In [1]:
!pip install nbformat

import nbformat

# Read the current notebook
with open('/content/MONA.ipynb', 'r') as f:
    nb = nbformat.read(f, as_version=4)

# Remove widget metadata if it exists
if 'widgets' in nb.metadata:
    del nb.metadata['widgets']
    print("Removed 'widgets' metadata")

# Write the fixed version
with open('/content/MONA_fixed.ipynb', 'w') as f:
    nbformat.write(nb, f)

print("Fixed notebook saved as MONA_fixed.ipynb")

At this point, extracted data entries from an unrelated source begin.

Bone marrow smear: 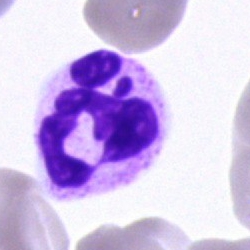
Specimen: bone marrow smear.
Cell type: polymorphonuclear neutrophil.
Lineage: myeloid.
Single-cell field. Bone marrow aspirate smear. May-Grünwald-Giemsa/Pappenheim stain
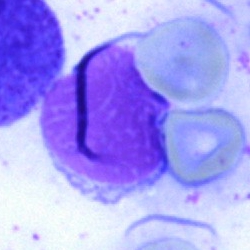

Specimen: bone marrow smear.
Cell: cell of indeterminate lineage.
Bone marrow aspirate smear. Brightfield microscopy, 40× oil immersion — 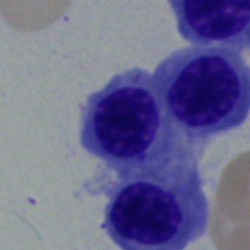

Specimen: bone marrow aspirate smear.
Cell type: nucleated red cell.
Lineage: erythroid.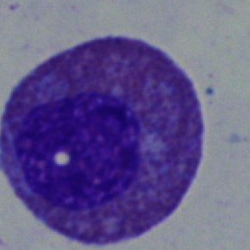 Cell: eosinophil.
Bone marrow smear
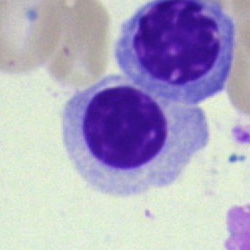 This is an erythroblast.
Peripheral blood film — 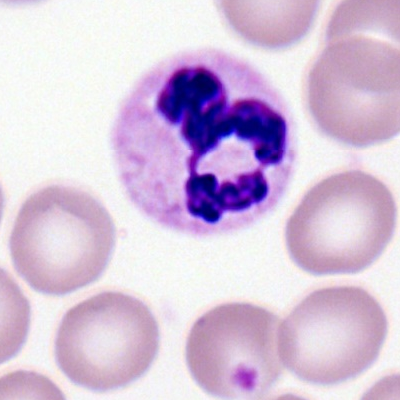A polymorphonuclear neutrophil.
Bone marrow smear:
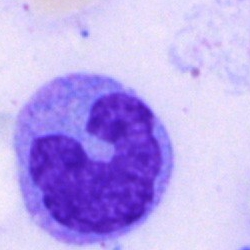
Cell type — monocyte.

Removed 'widgets' metadata
Fixed notebook saved as MONA_fixed.ipynb


In [None]:
from google.colab import files
uploaded = files.upload()


In [None]:
ls

In [None]:
from transformers import pipeline,AutoModelForCausalLM, AutoTokenizer
import torch
from IPython.display import  clear_output


device = 'cuda' if torch.cuda.is_available() else 'cpu'

In [None]:
import subprocess

def convert_mp4_to_mp3(input_file, output_file):
    """Convert an MP4 file to MP3 using ffmpeg."""
    try:
        command = [
            "ffmpeg",
            "-i", input_file,          # Input file
            "-vn",                     # Disable video
            "-acodec", "libmp3lame",   # Use MP3 codec
            "-b:a", "192k",            # MP3 bitrate
            output_file                # Output file
        ]
        subprocess.run(command, check=True)
        print(f"Conversion successful: {output_file}")
    except subprocess.CalledProcessError as e:
        print("Error during conversion:", e)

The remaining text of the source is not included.